BRIEF
What is needed is a word-for-word transcription of every record below.
(DATA FOR REVIEW Opens)
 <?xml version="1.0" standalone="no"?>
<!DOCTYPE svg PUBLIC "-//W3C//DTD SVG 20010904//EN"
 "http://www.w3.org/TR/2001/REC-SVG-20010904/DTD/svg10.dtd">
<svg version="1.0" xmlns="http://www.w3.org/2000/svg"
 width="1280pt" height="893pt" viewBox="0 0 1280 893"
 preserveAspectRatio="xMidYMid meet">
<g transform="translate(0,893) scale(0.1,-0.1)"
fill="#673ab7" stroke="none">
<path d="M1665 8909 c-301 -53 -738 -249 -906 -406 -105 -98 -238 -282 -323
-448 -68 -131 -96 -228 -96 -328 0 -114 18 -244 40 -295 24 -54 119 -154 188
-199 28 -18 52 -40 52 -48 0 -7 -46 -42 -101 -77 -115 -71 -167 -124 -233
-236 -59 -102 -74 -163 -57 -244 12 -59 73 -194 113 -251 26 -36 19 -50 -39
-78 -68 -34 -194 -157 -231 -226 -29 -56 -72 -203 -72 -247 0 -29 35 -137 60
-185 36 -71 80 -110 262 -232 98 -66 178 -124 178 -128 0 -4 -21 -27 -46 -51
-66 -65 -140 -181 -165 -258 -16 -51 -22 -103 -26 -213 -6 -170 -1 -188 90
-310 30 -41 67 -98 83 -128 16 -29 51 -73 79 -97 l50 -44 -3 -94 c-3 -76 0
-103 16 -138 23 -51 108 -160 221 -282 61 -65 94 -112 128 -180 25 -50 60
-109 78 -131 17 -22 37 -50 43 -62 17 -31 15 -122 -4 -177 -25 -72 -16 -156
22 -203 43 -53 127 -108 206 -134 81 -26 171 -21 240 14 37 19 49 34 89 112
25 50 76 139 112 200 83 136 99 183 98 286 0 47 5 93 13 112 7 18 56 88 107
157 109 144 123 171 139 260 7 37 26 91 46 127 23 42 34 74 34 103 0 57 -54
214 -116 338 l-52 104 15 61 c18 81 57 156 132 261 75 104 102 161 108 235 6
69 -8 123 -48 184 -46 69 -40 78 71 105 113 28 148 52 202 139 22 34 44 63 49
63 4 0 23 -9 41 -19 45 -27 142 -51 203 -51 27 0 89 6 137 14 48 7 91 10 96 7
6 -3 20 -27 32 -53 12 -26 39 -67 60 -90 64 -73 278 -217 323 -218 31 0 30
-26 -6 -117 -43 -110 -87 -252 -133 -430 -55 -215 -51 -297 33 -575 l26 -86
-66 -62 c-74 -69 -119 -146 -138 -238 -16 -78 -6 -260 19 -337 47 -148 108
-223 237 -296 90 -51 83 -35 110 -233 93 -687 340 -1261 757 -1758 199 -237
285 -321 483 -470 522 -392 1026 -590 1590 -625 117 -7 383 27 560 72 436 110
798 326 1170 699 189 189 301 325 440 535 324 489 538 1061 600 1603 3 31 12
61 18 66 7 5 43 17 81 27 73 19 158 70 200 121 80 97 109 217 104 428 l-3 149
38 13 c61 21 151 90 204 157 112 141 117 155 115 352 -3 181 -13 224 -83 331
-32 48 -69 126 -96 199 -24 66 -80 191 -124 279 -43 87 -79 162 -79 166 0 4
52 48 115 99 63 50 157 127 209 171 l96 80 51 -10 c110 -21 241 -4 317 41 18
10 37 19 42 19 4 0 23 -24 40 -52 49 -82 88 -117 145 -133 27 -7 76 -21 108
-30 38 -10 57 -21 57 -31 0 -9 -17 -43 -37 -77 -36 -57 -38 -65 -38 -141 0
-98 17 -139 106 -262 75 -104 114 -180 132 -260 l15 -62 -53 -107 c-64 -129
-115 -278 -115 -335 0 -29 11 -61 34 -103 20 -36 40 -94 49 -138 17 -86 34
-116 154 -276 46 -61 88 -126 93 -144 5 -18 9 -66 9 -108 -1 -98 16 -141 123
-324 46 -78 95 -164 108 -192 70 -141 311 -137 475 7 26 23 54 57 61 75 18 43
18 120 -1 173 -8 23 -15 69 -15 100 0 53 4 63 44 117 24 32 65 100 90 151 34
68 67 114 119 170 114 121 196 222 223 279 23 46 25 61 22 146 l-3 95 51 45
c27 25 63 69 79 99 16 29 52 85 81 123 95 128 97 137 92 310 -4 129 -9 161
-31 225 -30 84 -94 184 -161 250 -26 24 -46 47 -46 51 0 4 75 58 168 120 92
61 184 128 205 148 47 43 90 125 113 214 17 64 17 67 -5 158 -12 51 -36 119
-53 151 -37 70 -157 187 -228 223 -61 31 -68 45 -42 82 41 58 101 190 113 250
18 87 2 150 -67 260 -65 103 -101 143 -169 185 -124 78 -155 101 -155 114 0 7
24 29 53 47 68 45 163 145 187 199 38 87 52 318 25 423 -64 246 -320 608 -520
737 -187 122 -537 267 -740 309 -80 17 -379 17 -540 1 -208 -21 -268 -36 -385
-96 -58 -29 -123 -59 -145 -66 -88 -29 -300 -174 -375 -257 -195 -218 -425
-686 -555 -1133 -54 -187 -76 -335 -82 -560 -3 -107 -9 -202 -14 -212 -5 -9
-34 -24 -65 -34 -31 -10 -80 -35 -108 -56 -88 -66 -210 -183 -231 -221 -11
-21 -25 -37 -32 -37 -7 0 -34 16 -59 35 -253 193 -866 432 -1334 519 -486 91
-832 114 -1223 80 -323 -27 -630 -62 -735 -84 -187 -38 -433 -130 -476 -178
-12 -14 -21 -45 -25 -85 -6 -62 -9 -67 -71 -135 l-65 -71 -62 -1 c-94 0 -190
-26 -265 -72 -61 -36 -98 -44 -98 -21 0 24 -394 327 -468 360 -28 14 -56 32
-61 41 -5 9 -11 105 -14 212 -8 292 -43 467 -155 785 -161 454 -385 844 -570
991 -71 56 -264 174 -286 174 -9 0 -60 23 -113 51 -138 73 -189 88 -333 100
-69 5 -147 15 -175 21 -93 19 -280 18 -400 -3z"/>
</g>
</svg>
(DATA FOR REVIEW Closes)
EXERCISE OUTPUT
 <?xml version="1.0" standalone="no"?>
<!DOCTYPE svg PUBLIC "-//W3C//DTD SVG 20010904//EN"
 "http://www.w3.org/TR/2001/REC-SVG-20010904/DTD/svg10.dtd">
<svg version="1.0" xmlns="http://www.w3.org/2000/svg"
 width="1280pt" height="893pt" viewBox="0 0 1280 893"
 preserveAspectRatio="xMidYMid meet">
<g transform="translate(0,893) scale(0.1,-0.1)"
fill="#673ab7" stroke="none">
<path d="M1665 8909 c-301 -53 -738 -249 -906 -406 -105 -98 -238 -282 -323
-448 -68 -131 -96 -228 -96 -328 0 -114 18 -244 40 -295 24 -54 119 -154 188
-199 28 -18 52 -40 52 -48 0 -7 -46 -42 -101 -77 -115 -71 -167 -124 -233
-236 -59 -102 -74 -163 -57 -244 12 -59 73 -194 113 -251 26 -36 19 -50 -39
-78 -68 -34 -194 -157 -231 -226 -29 -56 -72 -203 -72 -247 0 -29 35 -137 60
-185 36 -71 80 -110 262 -232 98 -66 178 -124 178 -128 0 -4 -21 -27 -46 -51
-66 -65 -140 -181 -165 -258 -16 -51 -22 -103 -26 -213 -6 -170 -1 -188 90
-310 30 -41 67 -98 83 -128 16 -29 51 -73 79 -97 l50 -44 -3 -94 c-3 -76 0
-103 16 -138 23 -51 108 -160 221 -282 61 -65 94 -112 128 -180 25 -50 60
-109 78 -131 17 -22 37 -50 43 -62 17 -31 15 -122 -4 -177 -25 -72 -16 -156
22 -203 43 -53 127 -108 206 -134 81 -26 171 -21 240 14 37 19 49 34 89 112
25 50 76 139 112 200 83 136 99 183 98 286 0 47 5 93 13 112 7 18 56 88 107
157 109 144 123 171 139 260 7 37 26 91 46 127 23 42 34 74 34 103 0 57 -54
214 -116 338 l-52 104 15 61 c18 81 57 156 132 261 75 104 102 161 108 235 6
69 -8 123 -48 184 -46 69 -40 78 71 105 113 28 148 52 202 139 22 34 44 63 49
63 4 0 23 -9 41 -19 45 -27 142 -51 203 -51 27 0 89 6 137 14 48 7 91 10 96 7
6 -3 20 -27 32 -53 12 -26 39 -67 60 -90 64 -73 278 -217 323 -218 31 0 30
-26 -6 -117 -43 -110 -87 -252 -133 -430 -55 -215 -51 -297 33 -575 l26 -86
-66 -62 c-74 -69 -119 -146 -138 -238 -16 -78 -6 -260 19 -337 47 -148 108
-223 237 -296 90 -51 83 -35 110 -233 93 -687 340 -1261 757 -1758 199 -237
285 -321 483 -470 522 -392 1026 -590 1590 -625 117 -7 383 27 560 72 436 110
798 326 1170 699 189 189 301 325 440 535 324 489 538 1061 600 1603 3 31 12
61 18 66 7 5 43 17 81 27 73 19 158 70 200 121 80 97 109 217 104 428 l-3 149
38 13 c61 21 151 90 204 157 112 141 117 155 115 352 -3 181 -13 224 -83 331
-32 48 -69 126 -96 199 -24 66 -80 191 -124 279 -43 87 -79 162 -79 166 0 4
52 48 115 99 63 50 157 127 209 171 l96 80 51 -10 c110 -21 241 -4 317 41 18
10 37 19 42 19 4 0 23 -24 40 -52 49 -82 88 -117 145 -133 27 -7 76 -21 108
-30 38 -10 57 -21 57 -31 0 -9 -17 -43 -37 -77 -36 -57 -38 -65 -38 -141 0
-98 17 -139 106 -262 75 -104 114 -180 132 -260 l15 -62 -53 -107 c-64 -129
-115 -278 -115 -335 0 -29 11 -61 34 -103 20 -36 40 -94 49 -138 17 -86 34
-116 154 -276 46 -61 88 -126 93 -144 5 -18 9 -66 9 -108 -1 -98 16 -141 123
-324 46 -78 95 -164 108 -192 70 -141 311 -137 475 7 26 23 54 57 61 75 18 43
18 120 -1 173 -8 23 -15 69 -15 100 0 53 4 63 44 117 24 32 65 100 90 151 34
68 67 114 119 170 114 121 196 222 223 279 23 46 25 61 22 146 l-3 95 51 45
c27 25 63 69 79 99 16 29 52 85 81 123 95 128 97 137 92 310 -4 129 -9 161
-31 225 -30 84 -94 184 -161 250 -26 24 -46 47 -46 51 0 4 75 58 168 120 92
61 184 128 205 148 47 43 90 125 113 214 17 64 17 67 -5 158 -12 51 -36 119
-53 151 -37 70 -157 187 -228 223 -61 31 -68 45 -42 82 41 58 101 190 113 250
18 87 2 150 -67 260 -65 103 -101 143 -169 185 -124 78 -155 101 -155 114 0 7
24 29 53 47 68 45 163 145 187 199 38 87 52 318 25 423 -64 246 -320 608 -520
737 -187 122 -537 267 -740 309 -80 17 -379 17 -540 1 -208 -21 -268 -36 -385
-96 -58 -29 -123 -59 -145 -66 -88 -29 -300 -174 -375 -257 -195 -218 -425
-686 -555 -1133 -54 -187 -76 -335 -82 -560 -3 -107 -9 -202 -14 -212 -5 -9
-34 -24 -65 -34 -31 -10 -80 -35 -108 -56 -88 -66 -210 -183 -231 -221 -11
-21 -25 -37 -32 -37 -7 0 -34 16 -59 35 -253 193 -866 432 -1334 519 -486 91
-832 114 -1223 80 -323 -27 -630 -62 -735 -84 -187 -38 -433 -130 -476 -178
-12 -14 -21 -45 -25 -85 -6 -62 -9 -67 -71 -135 l-65 -71 -62 -1 c-94 0 -190
-26 -265 -72 -61 -36 -98 -44 -98 -21 0 24 -394 327 -468 360 -28 14 -56 32
-61 41 -5 9 -11 105 -14 212 -8 292 -43 467 -155 785 -161 454 -385 844 -570
991 -71 56 -264 174 -286 174 -9 0 -60 23 -113 51 -138 73 -189 88 -333 100
-69 5 -147 15 -175 21 -93 19 -280 18 -400 -3z"/>
</g>
</svg>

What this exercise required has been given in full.